● What the task asks: Of the lines listed below, return exactly those that run from the line containing "منجر می شوند" through the line containing "ޚިދުމަތުގެ ކޮމިޝަން ލިބޭނެ.", both included.

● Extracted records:
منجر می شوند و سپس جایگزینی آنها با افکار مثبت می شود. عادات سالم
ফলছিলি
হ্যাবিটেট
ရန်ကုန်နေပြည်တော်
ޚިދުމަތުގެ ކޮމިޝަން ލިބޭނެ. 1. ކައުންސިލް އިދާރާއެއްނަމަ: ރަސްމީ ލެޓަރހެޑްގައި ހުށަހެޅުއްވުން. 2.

* * *

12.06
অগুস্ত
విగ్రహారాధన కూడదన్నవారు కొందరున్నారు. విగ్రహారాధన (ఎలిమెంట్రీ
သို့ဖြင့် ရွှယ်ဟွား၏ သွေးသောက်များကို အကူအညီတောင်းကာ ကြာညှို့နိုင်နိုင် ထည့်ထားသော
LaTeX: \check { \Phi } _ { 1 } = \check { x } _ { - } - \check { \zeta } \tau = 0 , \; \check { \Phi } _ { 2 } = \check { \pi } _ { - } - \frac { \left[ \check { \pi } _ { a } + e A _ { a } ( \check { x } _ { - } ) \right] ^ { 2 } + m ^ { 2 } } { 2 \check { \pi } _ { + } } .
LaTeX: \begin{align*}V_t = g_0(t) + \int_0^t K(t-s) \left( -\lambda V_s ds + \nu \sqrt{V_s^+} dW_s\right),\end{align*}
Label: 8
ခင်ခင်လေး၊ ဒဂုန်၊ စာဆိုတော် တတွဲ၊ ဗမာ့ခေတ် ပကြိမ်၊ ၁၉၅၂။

● Task output:
منجر می شوند و سپس جایگزینی آنها با افکار مثبت می شود. عادات سالم
ফলছিলি
হ্যাবিটেট
ရန်ကုန်နေပြည်တော်
ޚިދުމަތުގެ ކޮމިޝަން ލިބޭނެ. 1. ކައުންސިލް އިދާރާއެއްނަމަ: ރަސްމީ ލެޓަރހެޑްގައި ހުށަހެޅުއްވުން. 2.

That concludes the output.